DATA FOR PROCESSING:
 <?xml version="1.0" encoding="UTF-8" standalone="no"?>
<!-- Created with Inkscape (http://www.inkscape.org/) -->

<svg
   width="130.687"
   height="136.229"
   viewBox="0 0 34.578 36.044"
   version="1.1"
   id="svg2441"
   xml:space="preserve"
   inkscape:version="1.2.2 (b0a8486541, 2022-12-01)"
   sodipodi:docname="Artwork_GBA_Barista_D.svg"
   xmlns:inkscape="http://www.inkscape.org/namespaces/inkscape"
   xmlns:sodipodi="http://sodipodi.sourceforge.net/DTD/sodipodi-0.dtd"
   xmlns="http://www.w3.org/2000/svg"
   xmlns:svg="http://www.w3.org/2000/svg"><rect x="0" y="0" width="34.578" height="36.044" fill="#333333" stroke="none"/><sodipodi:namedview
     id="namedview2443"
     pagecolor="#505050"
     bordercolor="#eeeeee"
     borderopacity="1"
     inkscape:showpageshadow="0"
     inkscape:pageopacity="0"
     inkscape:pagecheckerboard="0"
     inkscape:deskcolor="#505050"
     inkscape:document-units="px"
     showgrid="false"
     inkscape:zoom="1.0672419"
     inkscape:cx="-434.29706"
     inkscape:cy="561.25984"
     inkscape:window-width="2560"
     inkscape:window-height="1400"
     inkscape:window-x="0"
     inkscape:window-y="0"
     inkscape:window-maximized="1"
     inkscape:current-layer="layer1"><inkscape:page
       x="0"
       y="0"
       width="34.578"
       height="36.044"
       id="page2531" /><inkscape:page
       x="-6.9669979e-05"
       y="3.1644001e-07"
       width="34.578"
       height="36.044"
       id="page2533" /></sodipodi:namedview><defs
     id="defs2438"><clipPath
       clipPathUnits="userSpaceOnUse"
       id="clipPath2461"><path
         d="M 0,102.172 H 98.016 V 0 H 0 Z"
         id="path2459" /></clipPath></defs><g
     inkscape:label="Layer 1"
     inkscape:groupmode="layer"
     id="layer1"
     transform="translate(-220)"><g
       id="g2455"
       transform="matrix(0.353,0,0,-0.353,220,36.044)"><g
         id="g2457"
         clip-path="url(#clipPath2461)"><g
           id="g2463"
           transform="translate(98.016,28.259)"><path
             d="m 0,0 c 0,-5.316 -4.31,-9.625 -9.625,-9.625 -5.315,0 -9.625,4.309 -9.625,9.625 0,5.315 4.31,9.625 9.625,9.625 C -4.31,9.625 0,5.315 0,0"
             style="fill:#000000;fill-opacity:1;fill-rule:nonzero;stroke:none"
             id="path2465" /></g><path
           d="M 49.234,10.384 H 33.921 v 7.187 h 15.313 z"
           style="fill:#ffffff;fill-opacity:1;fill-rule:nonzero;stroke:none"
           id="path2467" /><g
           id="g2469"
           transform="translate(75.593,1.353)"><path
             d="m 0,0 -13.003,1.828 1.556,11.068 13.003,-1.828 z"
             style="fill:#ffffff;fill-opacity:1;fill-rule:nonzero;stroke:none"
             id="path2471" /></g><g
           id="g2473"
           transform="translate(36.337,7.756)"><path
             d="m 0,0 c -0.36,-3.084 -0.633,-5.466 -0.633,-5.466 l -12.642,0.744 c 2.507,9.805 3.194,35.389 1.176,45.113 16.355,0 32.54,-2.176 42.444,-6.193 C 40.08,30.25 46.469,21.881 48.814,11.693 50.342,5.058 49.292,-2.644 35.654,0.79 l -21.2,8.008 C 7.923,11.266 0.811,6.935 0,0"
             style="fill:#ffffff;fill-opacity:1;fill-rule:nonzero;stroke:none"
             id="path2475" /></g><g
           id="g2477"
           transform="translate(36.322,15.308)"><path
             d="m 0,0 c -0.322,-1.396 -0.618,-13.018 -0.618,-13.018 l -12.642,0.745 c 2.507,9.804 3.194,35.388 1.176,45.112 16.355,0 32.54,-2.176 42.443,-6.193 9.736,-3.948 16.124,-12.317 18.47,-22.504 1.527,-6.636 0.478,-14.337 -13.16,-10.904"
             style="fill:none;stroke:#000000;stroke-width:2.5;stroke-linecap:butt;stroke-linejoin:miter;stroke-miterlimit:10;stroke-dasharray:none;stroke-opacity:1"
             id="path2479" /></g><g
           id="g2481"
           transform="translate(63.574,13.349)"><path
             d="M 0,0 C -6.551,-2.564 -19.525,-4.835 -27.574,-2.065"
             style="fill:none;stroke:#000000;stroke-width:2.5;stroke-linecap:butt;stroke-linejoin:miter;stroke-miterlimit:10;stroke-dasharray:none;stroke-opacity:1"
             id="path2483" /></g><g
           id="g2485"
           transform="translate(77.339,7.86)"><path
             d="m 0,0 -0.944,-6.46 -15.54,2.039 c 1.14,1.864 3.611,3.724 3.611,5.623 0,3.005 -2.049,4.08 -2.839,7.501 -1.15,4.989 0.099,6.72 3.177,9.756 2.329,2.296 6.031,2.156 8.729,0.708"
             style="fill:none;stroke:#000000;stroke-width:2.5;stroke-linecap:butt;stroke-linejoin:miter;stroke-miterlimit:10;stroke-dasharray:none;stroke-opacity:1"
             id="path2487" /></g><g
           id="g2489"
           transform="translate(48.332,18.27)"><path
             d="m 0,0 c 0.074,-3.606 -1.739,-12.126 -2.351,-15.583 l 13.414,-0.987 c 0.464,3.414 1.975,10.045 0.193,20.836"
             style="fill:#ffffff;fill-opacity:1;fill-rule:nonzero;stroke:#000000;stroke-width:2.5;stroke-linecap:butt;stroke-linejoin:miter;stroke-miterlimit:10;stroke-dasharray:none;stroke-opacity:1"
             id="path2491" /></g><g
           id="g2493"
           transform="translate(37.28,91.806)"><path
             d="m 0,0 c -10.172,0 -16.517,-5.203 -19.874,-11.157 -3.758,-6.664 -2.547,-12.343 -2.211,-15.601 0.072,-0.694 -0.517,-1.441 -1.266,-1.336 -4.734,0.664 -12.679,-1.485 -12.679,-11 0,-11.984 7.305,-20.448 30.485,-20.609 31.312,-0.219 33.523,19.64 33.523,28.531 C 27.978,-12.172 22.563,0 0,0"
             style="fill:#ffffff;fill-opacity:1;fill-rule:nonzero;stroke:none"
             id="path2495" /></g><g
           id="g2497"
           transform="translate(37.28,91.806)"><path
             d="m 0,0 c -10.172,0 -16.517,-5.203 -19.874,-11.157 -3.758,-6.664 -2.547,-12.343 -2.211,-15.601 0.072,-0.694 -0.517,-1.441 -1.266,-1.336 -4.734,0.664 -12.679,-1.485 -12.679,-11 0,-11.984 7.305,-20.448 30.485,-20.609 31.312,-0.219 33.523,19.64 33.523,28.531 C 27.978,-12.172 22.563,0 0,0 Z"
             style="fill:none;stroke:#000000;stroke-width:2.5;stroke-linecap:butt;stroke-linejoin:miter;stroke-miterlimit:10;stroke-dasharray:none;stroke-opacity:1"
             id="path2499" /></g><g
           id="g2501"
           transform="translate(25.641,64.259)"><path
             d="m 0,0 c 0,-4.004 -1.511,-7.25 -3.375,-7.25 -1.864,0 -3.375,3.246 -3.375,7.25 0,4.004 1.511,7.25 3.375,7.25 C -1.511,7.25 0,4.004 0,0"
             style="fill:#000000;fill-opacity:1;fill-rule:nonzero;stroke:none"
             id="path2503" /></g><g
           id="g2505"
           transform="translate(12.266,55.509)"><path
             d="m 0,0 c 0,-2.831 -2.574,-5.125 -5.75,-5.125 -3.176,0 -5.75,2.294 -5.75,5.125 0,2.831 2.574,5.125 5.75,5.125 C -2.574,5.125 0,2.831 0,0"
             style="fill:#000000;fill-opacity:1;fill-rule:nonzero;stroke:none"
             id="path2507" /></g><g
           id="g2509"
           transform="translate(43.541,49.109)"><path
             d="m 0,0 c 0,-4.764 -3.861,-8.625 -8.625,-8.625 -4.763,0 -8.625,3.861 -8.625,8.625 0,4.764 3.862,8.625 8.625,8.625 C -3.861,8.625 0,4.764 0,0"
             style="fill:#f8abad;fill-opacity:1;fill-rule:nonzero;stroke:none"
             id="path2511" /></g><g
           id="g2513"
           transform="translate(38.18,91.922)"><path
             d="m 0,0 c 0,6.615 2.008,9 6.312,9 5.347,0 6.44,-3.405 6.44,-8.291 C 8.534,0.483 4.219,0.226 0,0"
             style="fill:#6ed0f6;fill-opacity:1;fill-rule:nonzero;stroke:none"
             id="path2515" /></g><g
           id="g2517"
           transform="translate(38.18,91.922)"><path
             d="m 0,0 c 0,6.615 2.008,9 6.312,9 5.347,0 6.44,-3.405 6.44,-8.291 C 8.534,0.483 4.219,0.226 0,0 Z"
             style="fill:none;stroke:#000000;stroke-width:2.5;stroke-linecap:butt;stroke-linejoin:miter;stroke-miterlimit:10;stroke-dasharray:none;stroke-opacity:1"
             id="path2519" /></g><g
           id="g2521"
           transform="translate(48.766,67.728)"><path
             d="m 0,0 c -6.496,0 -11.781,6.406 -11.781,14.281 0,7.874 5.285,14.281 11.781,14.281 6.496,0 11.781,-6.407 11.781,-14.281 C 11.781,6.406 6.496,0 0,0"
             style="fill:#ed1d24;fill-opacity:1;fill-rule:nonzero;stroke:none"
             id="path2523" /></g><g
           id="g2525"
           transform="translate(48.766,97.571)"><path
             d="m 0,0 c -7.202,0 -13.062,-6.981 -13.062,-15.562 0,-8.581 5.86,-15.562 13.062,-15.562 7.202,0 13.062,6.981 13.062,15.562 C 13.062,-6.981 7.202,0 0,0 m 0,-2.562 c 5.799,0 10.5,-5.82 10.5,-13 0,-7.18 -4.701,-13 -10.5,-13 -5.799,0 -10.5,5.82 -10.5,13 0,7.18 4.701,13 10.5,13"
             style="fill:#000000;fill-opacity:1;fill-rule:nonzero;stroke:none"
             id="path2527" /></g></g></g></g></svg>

EXERCISE DETAILS: In the entries above, find each line with the word "xmlns" and copy it.

TASK RESULT:
   xmlns:inkscape="http://www.inkscape.org/namespaces/inkscape"
   xmlns:sodipodi="http://sodipodi.sourceforge.net/DTD/sodipodi-0.dtd"
   xmlns="http://www.w3.org/2000/svg"
   xmlns:svg="http://www.w3.org/2000/svg"><rect x="0" y="0" width="34.578" height="36.044" fill="#333333" stroke="none"/><sodipodi:namedview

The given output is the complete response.